BRU Daily Chart (Source - Thomson Reuters)
Nonetheless, it is prudent to understand that the risk to price target would further be dependent on decrease in oil price, or strengthening of the AUD/USD FX rate; failures on either wet gas exploration/appraisal or conventional oil targets; and deferment or adjournment of mining/resources related projects in Western Australia which could lower gas pricing and demand. Such factors contributing to changing global economic conditions with/ without introduction of improved products or service offerings by competitors may affect Buru’s operations, which may lead to entry into transactions, including transactions in derivative instruments, to mitigate any risks due to said exposure(s). Further, any delays in the development of Canning Basin resource base could also adversely affect revenue generation and therefore impact Buru’s ability to realize value from its acreage position.
To overcome most of the above-stated challenges being encountered by Buru, the company has confirmed exploration wells Olympus & Commodore planned for 3Q (funded by Apache) and rig tenders being assessed and contracted; and scheduling of 2D & 3D seismic programs to be focused on Ungani Trend & high-graded areas, which will be followed by multi-well program 2015 onwards. These programs will help improve the ability to predict stratigraphy, provide greater predictability while de-risking the drilling options, and key to understand the structure and reservoir controls.
The stock of the company was A$0.91 for the 52 weeks ending 5th Sep 2014. During the 12 months ending 31 Dec 2013, the company has experienced losses totaling A$0.10 per share. The company is currently trading at 133.74 times sales as opposed to its competitors, and more particularly, it is trading at 2.06 times book value. The company recorded a net cash outflow of A$15.5 million from operating activities & a net cash outflow of A$7.5 million from investing activities for the 1H14; and at the end of 1H14, Buru had a net decrease in cash & cash equivalents of A$22.5 million.
Based on the Buru’s Corporate Updates vide its Sep ‘14 report, one can very well appreciate that Buru has, (1) Sweeping basin wide acreage spread and hefty oil & gas potential with oil production from Ungani field. (2) Three major petroleum systems – Ungani Oil, Laurel tight gas program and Goldwyer/Acacia. (3) Association with major international partners (Mitsubishi and Apache (4) High equities and operatorship
We also note that the screws have been further tightened by restructuring the company’s board to reflect significant change in its operational focus after the exit of Buru’s MD.
In addition, the very recent updates indicate Buru in a positive light with the continuous high production from the Ungani-2 well, successful first stage of the Ungani-1 well work-over, planning of the work-over for the Ungani-3 well, up-gradation of production facilities to improve operability and up-time, lower cost fixed price exploration drilling, and healthier funding status which entails Ungani development being strongly cash flow positive in production rather than exploration mode & Mitsubishi Funding agreement resetting under negotiation ($27.5 million).

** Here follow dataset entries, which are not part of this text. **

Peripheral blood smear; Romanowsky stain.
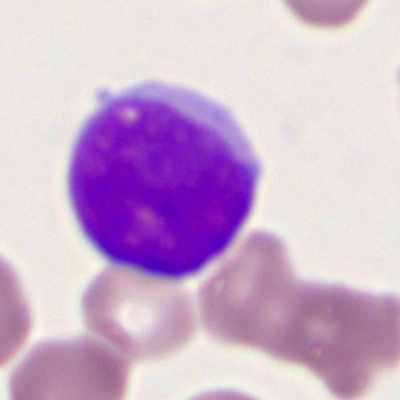
Impression → myeloid blast.
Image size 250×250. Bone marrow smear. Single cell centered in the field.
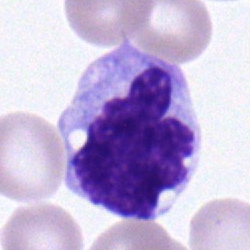
Q: What is the morphological classification of this cell?
A: This is a monocyte.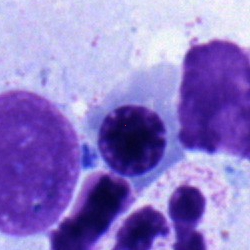
Bone marrow aspirate smear, single cell — nucleated red cell.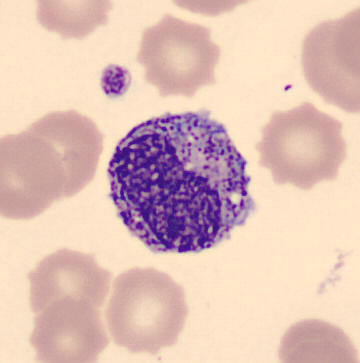Cell: metamyelocyte.
Acquisition: Cropped to a single cell. 360 by 363 pixels. Peripheral blood smear.
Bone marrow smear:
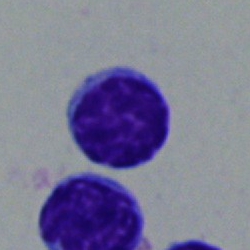The cell shown is a typical lymphocyte.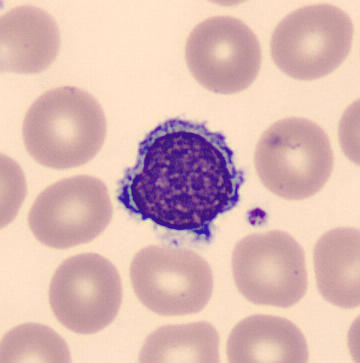
Typical lymphocyte. Image: CellaVision DM96 digital cell image; peripheral blood smear; 360 by 363 pixels.
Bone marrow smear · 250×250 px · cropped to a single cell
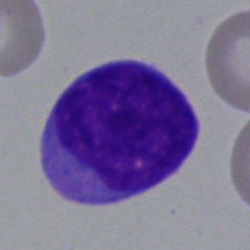A blast cell.
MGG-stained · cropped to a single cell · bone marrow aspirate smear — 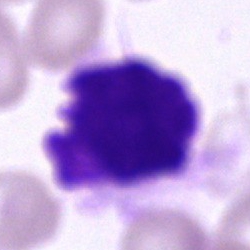

{"cell_type": "artefact"}
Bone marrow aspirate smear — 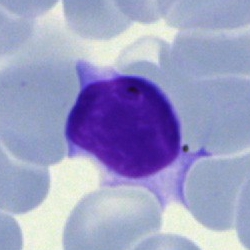
This is a lymphocyte.
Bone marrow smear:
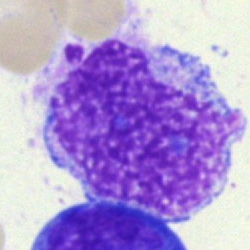

Typical lymphocyte.
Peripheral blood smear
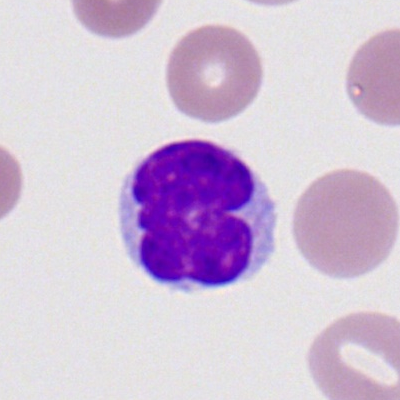
This is a lymphocyte.
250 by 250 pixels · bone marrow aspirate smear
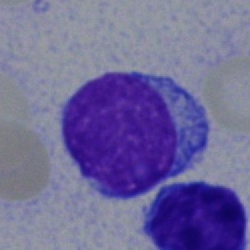 This is a lymphocyte.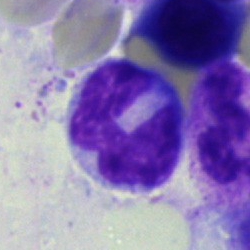The cell is monocyte.
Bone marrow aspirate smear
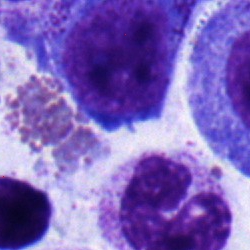Progranulocyte.
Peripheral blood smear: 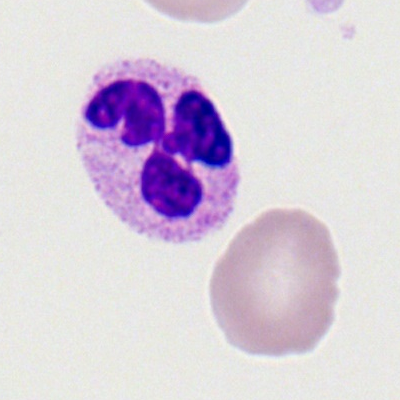

Single cell identified as a segmented neutrophil.
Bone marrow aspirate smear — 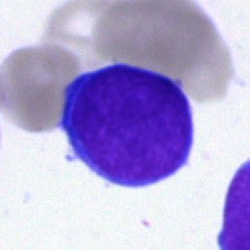

Undifferentiated blast.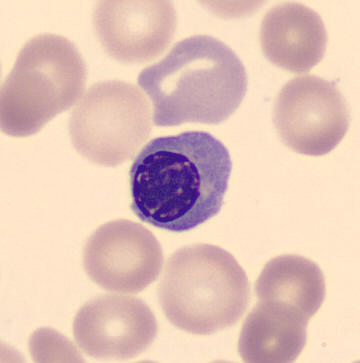Specimen: peripheral blood smear.
Classification: nucleated red cell.
Lineage: erythroid.
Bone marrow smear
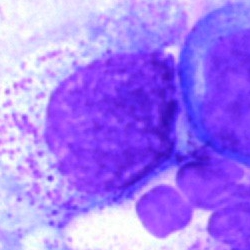This is a myelocyte.
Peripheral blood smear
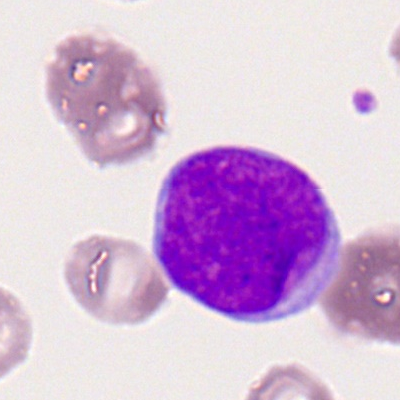

Q: Which cell type is shown here?
A: This is a myeloblast.
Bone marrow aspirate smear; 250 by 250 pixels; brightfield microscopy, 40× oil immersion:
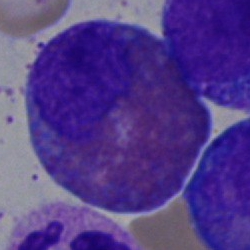

Morphology — eosinophilic granulocyte.
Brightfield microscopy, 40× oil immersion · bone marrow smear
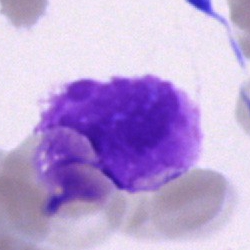Classification = artifact.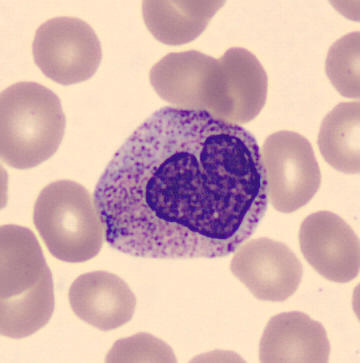

Morphology → metamyelocyte. Peripheral blood film.
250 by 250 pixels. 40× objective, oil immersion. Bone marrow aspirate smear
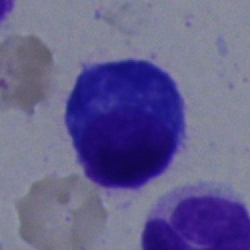This is a plasma cell.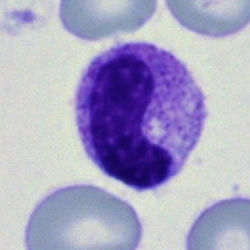
Neutrophil (band).
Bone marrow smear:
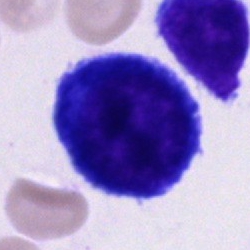Q: What is shown here?
A: A proerythroblast.
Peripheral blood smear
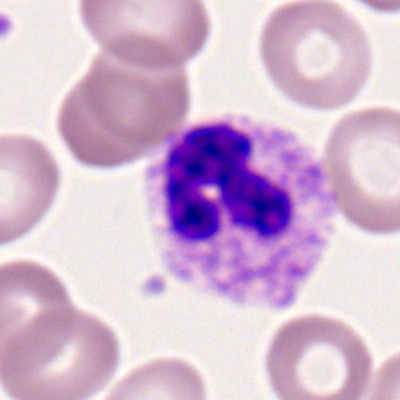
Showing a neutrophil (segmented).
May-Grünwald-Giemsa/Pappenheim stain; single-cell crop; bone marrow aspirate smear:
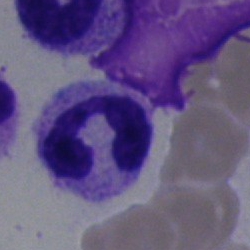

The cell shown is a polymorphonuclear neutrophil.
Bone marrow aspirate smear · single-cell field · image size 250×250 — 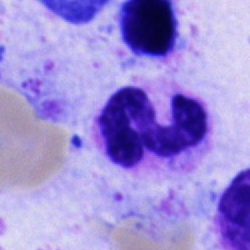

{"cell_type": "polymorphonuclear neutrophil"}
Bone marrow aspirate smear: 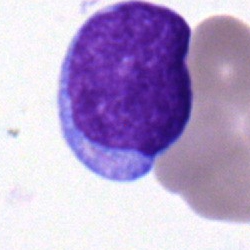 An undifferentiated blast.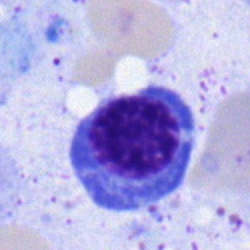Q: What is the morphological classification of this cell?
A: A nucleated red blood cell.
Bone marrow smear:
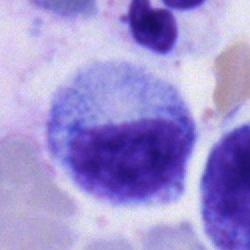{"cell_type": "myelocyte"}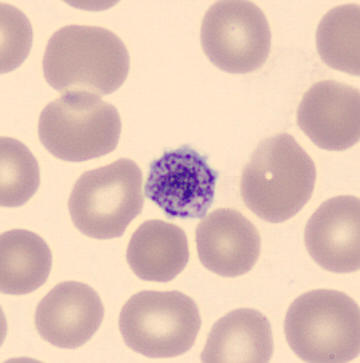Specimen: peripheral blood smear.
Morphological class: thrombocyte.
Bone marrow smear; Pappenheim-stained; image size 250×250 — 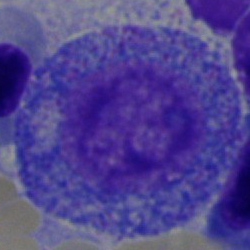
Progranulocyte.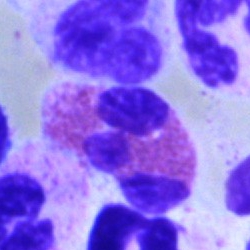 The morphological class is eosinophilic granulocyte.
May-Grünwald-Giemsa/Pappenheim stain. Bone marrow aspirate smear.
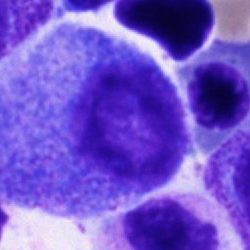 The morphological class is progranulocyte.
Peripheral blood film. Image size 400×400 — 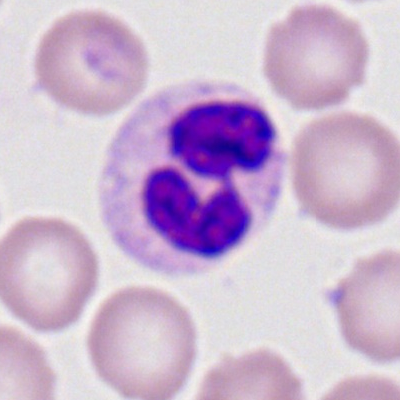

Cell = segmented neutrophil.
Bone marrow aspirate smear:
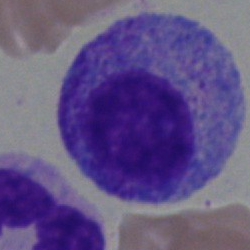 Q: What is shown here?
A: This is a myelocyte.
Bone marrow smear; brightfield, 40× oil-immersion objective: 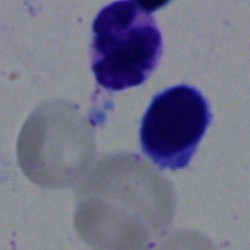Cell = typical lymphocyte.
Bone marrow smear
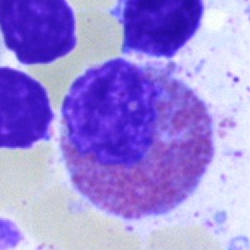 This is an eosinophil.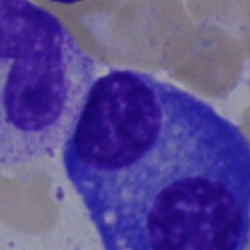 Morphological class: plasmacyte.
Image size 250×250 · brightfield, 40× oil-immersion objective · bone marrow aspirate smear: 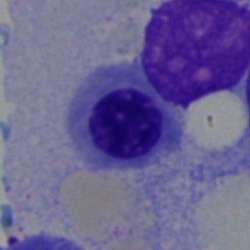

Cell — nucleated red blood cell.
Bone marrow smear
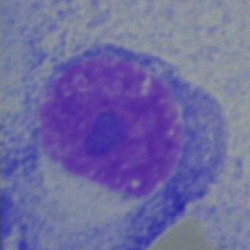Q: What cell is this?
A: A plasmacyte.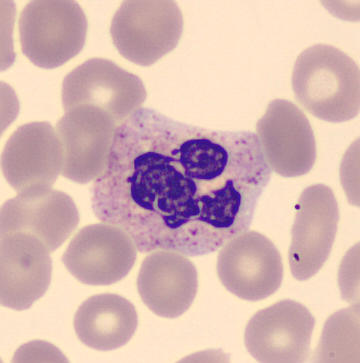 Cell type — segmented neutrophil.
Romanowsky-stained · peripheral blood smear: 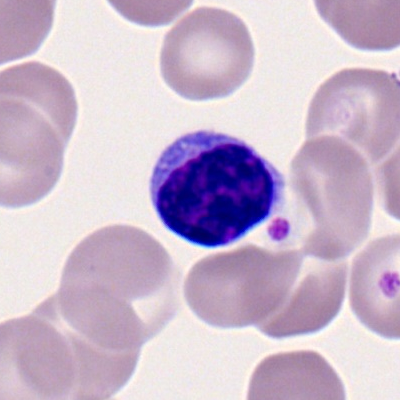

Single cell identified as a lymphocyte.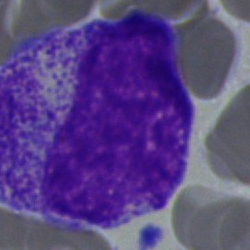The classification is myelocyte.
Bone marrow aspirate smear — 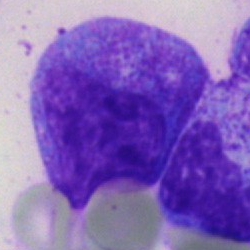

Classification: myelocyte.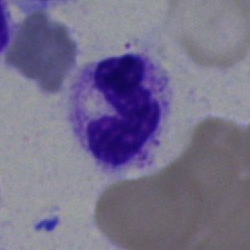The cell shown is a neutrophil (segmented).
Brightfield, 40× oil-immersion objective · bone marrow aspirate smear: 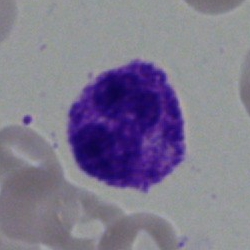

Single cell identified as a polymorphonuclear neutrophil.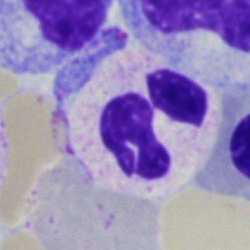

Morphological class: segmented neutrophil.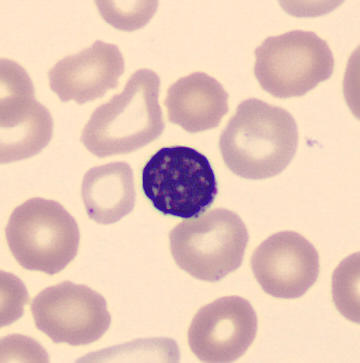

Cell: normoblast.
Acquisition: Peripheral blood smear · cropped to a single cell · 360×363 px.
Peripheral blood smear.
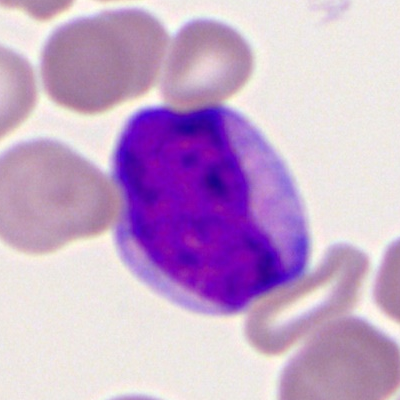
The cell type is myeloid blast.

There appears to be a surge in how Buru is re-emerging by virtue of its 1H14 results. 1H14 normalized net loss of -A$8m was in line with the earlier mentioned -A$7m forecast. Net cash as at 30th June of A$38m was as per the earlier forecasts.
Holistically, Buru’s long-term growth profile is featured on the results from the upcoming exploration across its acreage in the Ungani oil trend and the progress of the Laurel tight gas plays, which at the moment appear to be positive. We thus put a BUY recommendation on the stock at the current price of $0.765.